| TASK STATEMENT |
Copy each line below that contains "paragraph".

| RECORDS FOR THE EXERCISE |

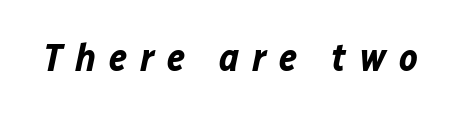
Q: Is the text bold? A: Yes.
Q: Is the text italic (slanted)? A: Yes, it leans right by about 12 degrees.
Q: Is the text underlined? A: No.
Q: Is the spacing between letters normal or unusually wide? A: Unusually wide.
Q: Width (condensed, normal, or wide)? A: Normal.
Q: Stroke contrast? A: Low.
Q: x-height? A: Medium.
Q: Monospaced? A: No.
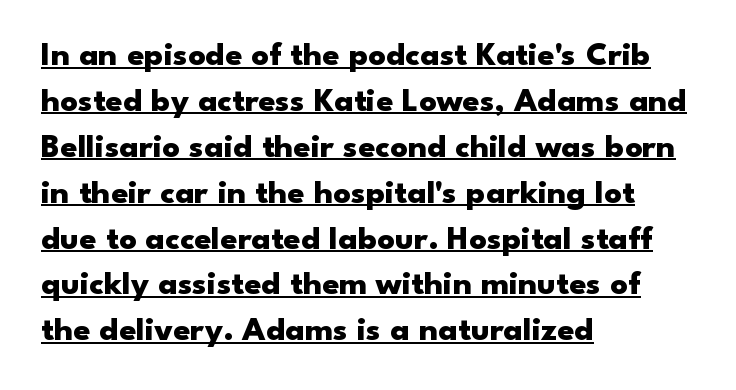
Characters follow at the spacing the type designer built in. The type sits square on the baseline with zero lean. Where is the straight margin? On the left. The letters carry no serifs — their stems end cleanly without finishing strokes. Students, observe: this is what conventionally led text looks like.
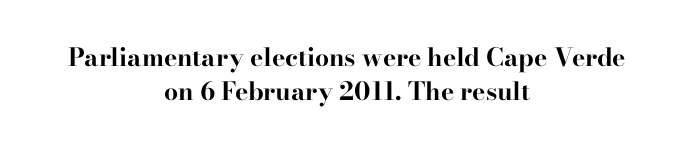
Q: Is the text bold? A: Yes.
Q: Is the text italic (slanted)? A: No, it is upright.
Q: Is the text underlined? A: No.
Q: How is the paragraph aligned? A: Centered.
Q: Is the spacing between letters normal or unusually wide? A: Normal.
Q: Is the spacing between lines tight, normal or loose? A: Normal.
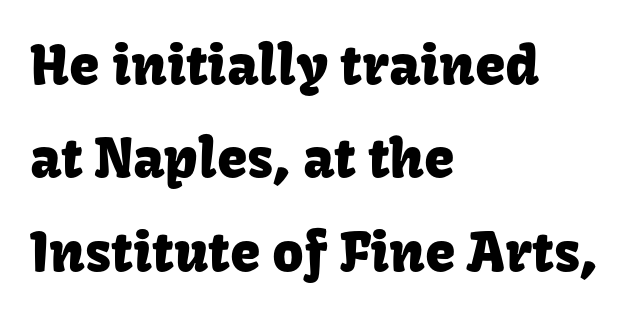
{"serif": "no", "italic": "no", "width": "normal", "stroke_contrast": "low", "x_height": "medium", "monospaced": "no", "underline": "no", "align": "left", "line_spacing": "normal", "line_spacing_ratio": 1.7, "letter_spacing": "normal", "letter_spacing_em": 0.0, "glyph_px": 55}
---
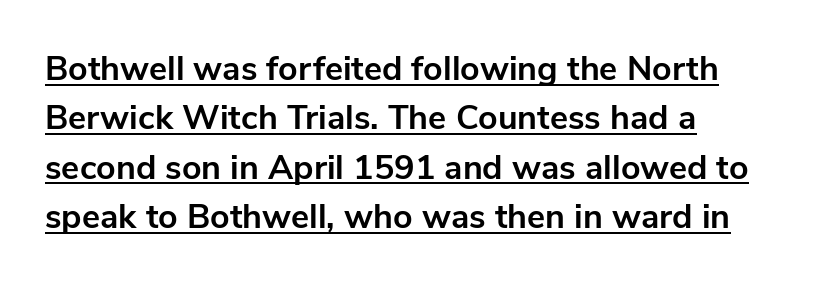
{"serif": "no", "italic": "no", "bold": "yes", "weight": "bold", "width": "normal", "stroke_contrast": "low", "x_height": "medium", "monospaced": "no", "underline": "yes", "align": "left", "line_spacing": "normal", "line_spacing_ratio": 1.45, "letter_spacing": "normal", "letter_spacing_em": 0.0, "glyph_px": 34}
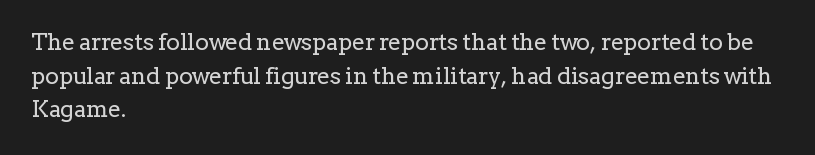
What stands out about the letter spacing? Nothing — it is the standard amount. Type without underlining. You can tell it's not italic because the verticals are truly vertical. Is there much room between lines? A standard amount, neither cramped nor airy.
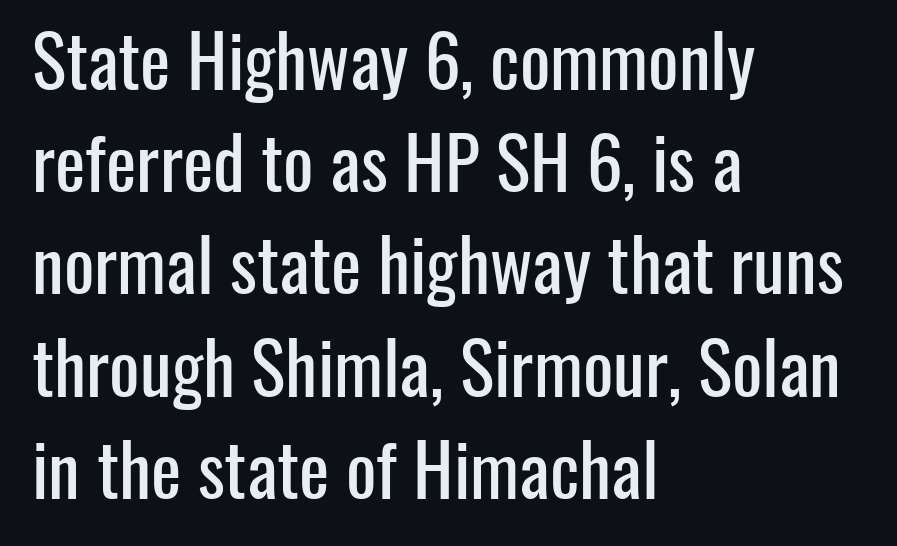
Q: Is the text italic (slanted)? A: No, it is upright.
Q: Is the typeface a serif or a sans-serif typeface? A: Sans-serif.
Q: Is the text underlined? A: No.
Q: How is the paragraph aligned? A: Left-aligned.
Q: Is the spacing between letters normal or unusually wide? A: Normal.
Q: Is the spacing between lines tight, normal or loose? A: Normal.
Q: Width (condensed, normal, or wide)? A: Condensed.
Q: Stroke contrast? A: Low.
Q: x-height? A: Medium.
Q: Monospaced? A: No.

| EXERCISE ANSWER |
Q: How is the paragraph aligned? A: Centered.
Q: How is the paragraph aligned? A: Left-aligned.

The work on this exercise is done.